• What the task requires: From the entries, copy each line that includes "down".

• Source records:

-----

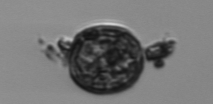
Label: Thalassiosira_TAG_external_detritus
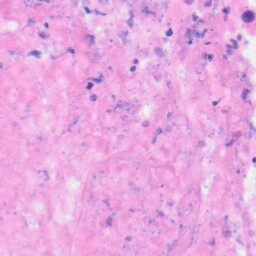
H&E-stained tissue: Kidney
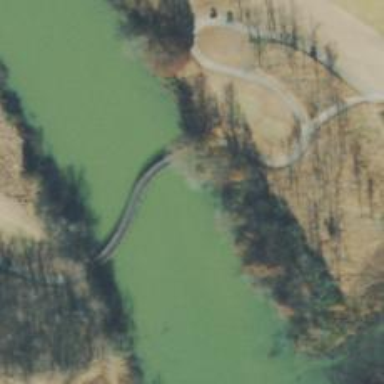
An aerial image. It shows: Path bridge over golf cartpath.
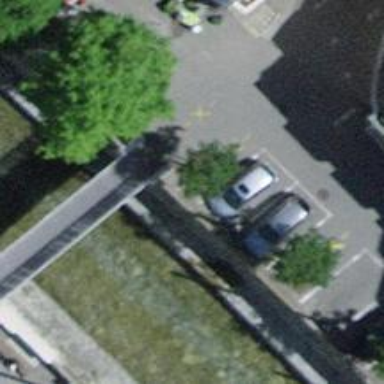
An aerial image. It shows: Movable lift bridge on footway.
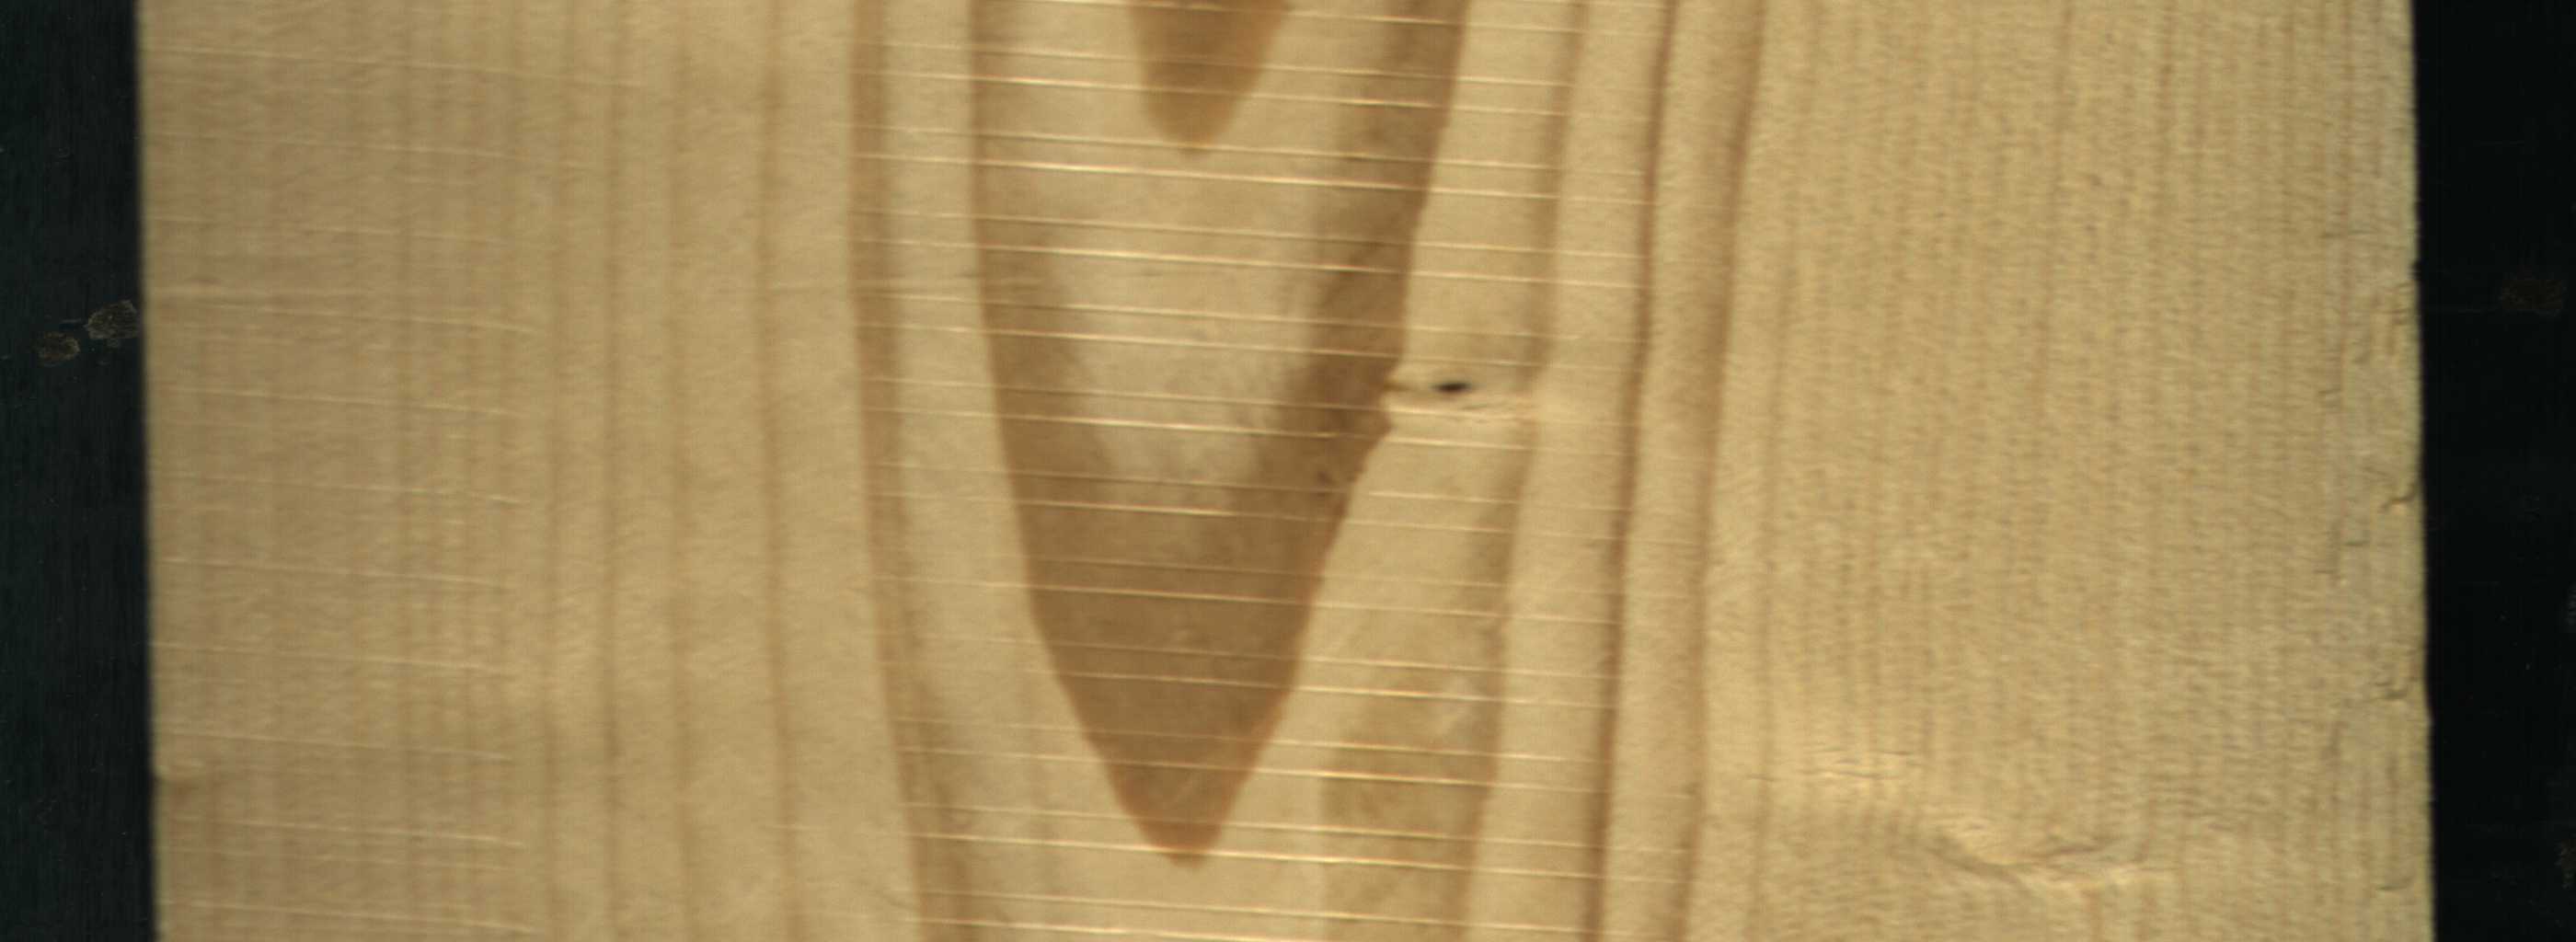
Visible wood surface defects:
Dead_Knot
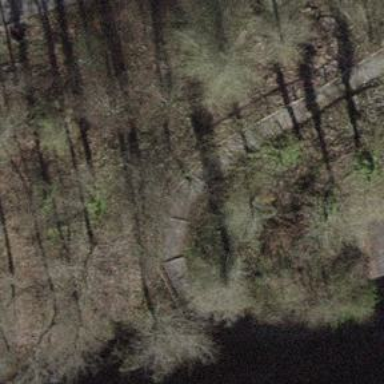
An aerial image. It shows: Unpaved steps.
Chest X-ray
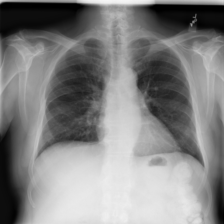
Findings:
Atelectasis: negative
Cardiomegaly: negative
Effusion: negative
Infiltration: negative
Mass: negative
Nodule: negative
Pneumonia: negative
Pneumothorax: negative
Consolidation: negative
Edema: negative
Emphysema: negative
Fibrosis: negative
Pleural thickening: negative
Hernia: negative
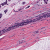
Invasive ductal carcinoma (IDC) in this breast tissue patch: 1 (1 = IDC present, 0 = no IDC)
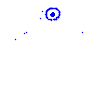
Particle: pion
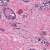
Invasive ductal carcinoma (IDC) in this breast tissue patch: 0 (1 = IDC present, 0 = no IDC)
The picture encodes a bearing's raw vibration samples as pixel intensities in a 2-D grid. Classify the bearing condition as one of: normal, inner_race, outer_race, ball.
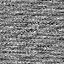
Answer: normal
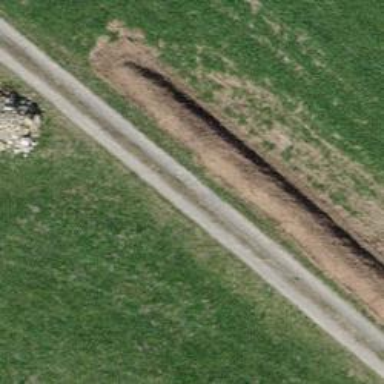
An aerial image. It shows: Track with grade 3 surface.
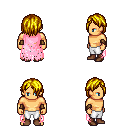
a pixel art fantasy rpg character, male body template, human, tanned skin, pink tattered cape, white pants, blonde bangs hairstyle, leather bracers, brown shoes, four views (front, back, left, right), 2x2 character sprite sheet, small pixel art, hard edges, no anti-aliasing
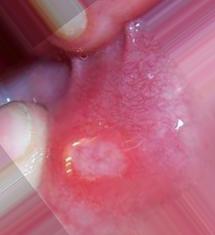
Condition: Mouth Ulcer
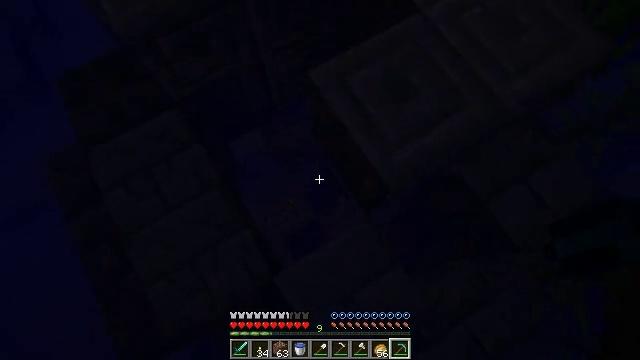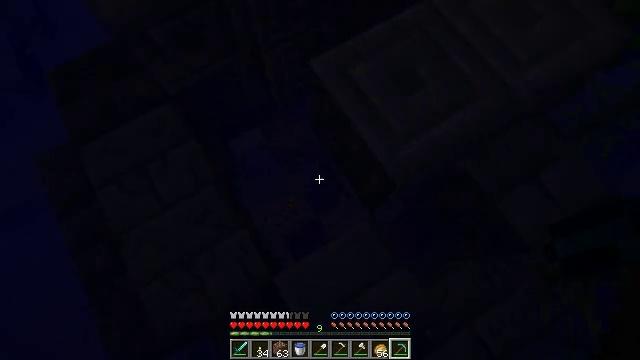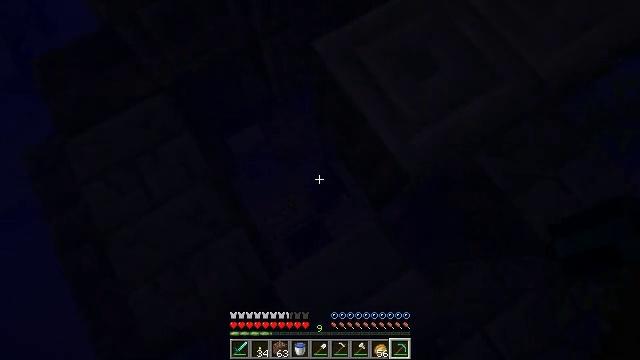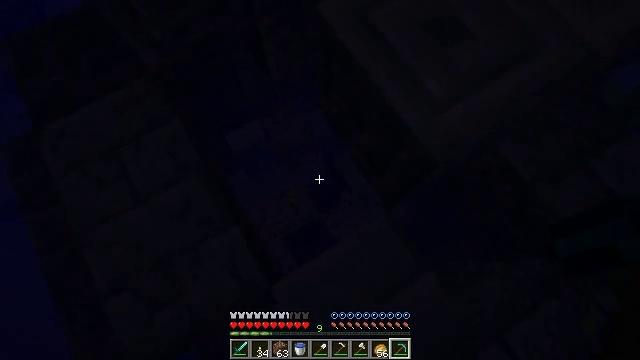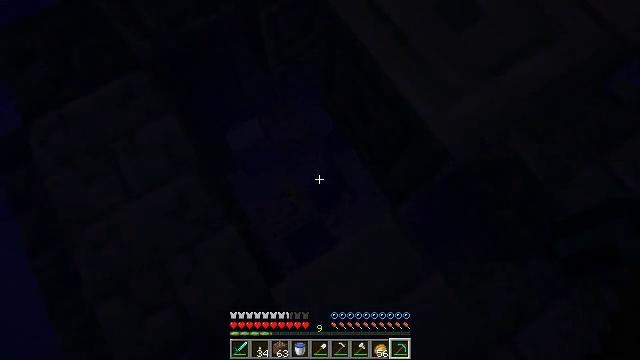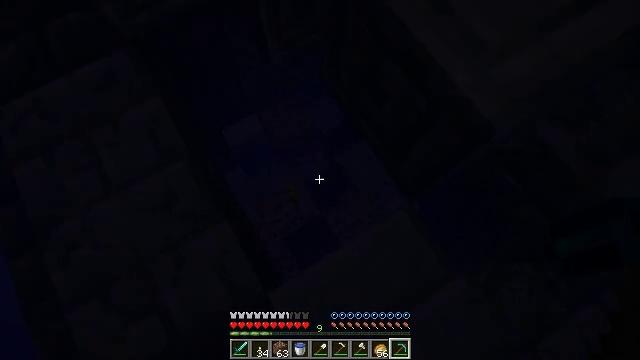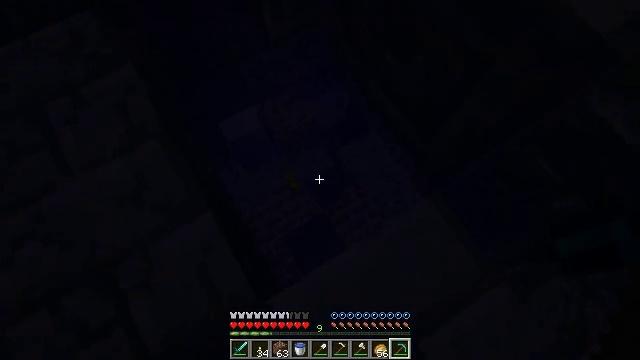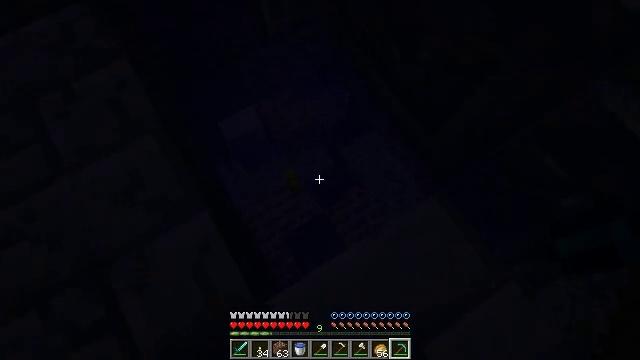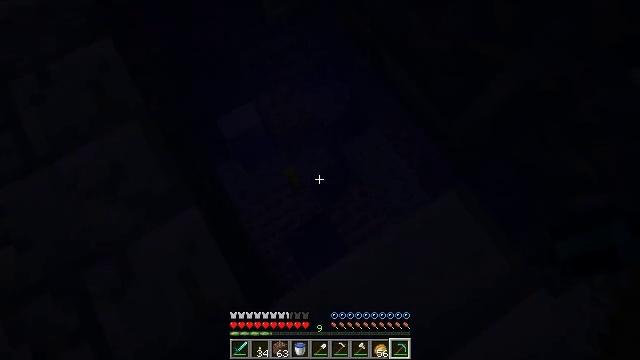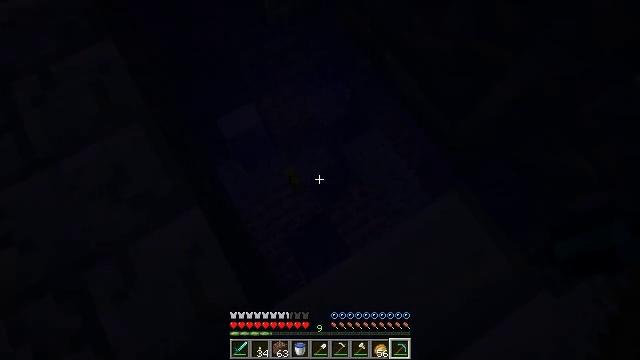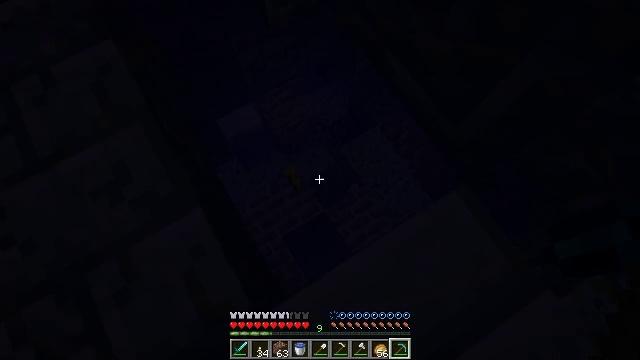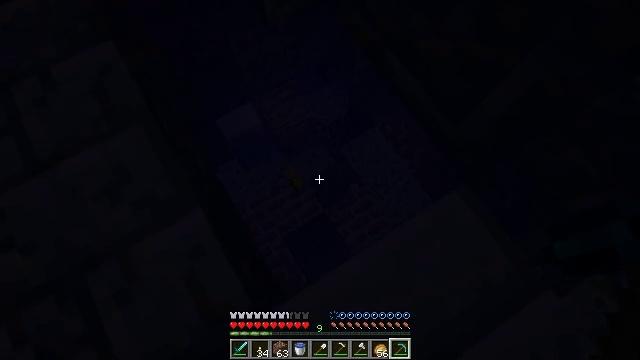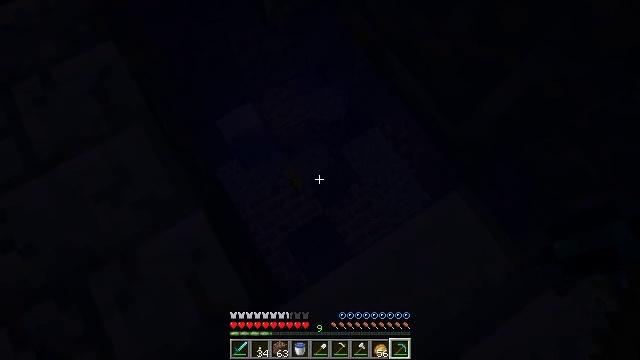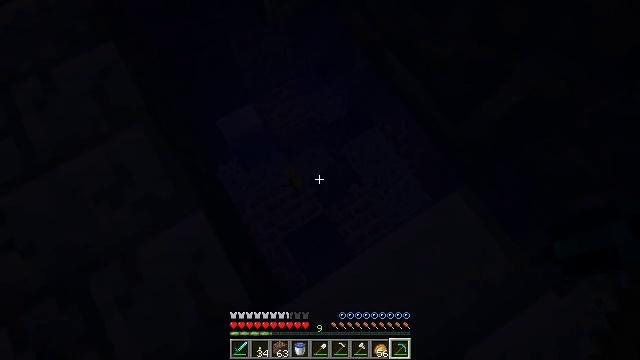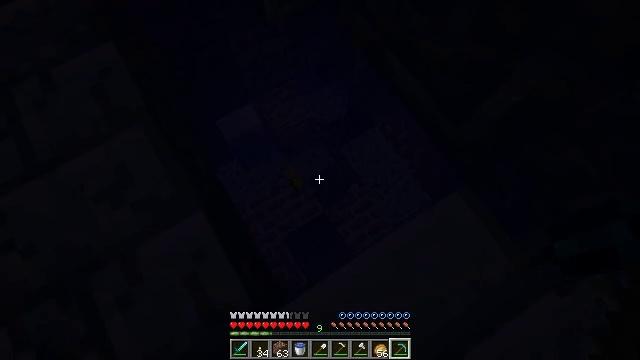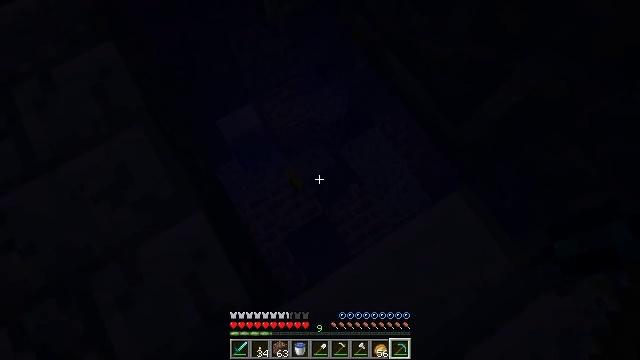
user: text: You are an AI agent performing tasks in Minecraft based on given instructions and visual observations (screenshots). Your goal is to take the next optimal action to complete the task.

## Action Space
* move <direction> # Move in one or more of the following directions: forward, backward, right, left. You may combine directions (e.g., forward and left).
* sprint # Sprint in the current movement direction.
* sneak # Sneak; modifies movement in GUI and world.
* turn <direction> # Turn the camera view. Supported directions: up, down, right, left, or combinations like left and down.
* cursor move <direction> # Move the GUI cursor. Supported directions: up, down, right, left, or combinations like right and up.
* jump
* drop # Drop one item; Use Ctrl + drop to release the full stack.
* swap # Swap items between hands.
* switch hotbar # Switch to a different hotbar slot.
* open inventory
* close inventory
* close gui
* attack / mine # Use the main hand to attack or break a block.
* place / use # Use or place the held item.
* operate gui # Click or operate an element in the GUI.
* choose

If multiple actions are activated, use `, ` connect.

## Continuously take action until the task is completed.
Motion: motion action
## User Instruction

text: Break the chiseled stone bricks for materials.
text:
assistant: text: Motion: move forward and move left, sneak
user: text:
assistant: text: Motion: move forward and move left, sneak
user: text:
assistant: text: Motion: move left, sneak
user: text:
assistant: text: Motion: move left, sneak
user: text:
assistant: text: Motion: sneak
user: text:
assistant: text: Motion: sneak
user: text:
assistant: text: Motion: sneak
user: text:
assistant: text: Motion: sneak
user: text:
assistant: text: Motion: sneak
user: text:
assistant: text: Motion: sneak
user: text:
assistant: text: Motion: sneak
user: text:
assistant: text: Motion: sneak
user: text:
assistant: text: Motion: sneak
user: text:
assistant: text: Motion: sneak
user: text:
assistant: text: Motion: move right, sneak
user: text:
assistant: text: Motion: move right, sneak
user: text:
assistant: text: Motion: move right, sneak
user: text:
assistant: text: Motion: move right, sneak
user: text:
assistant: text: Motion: move right, sneak
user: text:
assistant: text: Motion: move right, sneak
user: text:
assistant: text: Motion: move right, sneak
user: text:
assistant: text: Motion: move right, sneak
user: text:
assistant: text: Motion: move right, sneak
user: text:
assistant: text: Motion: move right, sneak
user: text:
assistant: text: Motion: move right, sneak
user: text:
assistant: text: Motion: move right, sneak
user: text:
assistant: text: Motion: move right, sneak
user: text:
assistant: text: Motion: move right, sneak
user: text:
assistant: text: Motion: move right, sneak
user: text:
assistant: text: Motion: move right, sneak
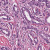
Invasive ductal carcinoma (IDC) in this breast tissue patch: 1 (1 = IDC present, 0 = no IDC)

-----

• Answer box:
* turn <direction> # Turn the camera view. Supported directions: up, down, right, left, or combinations like left and down.
* cursor move <direction> # Move the GUI cursor. Supported directions: up, down, right, left, or combinations like right and up.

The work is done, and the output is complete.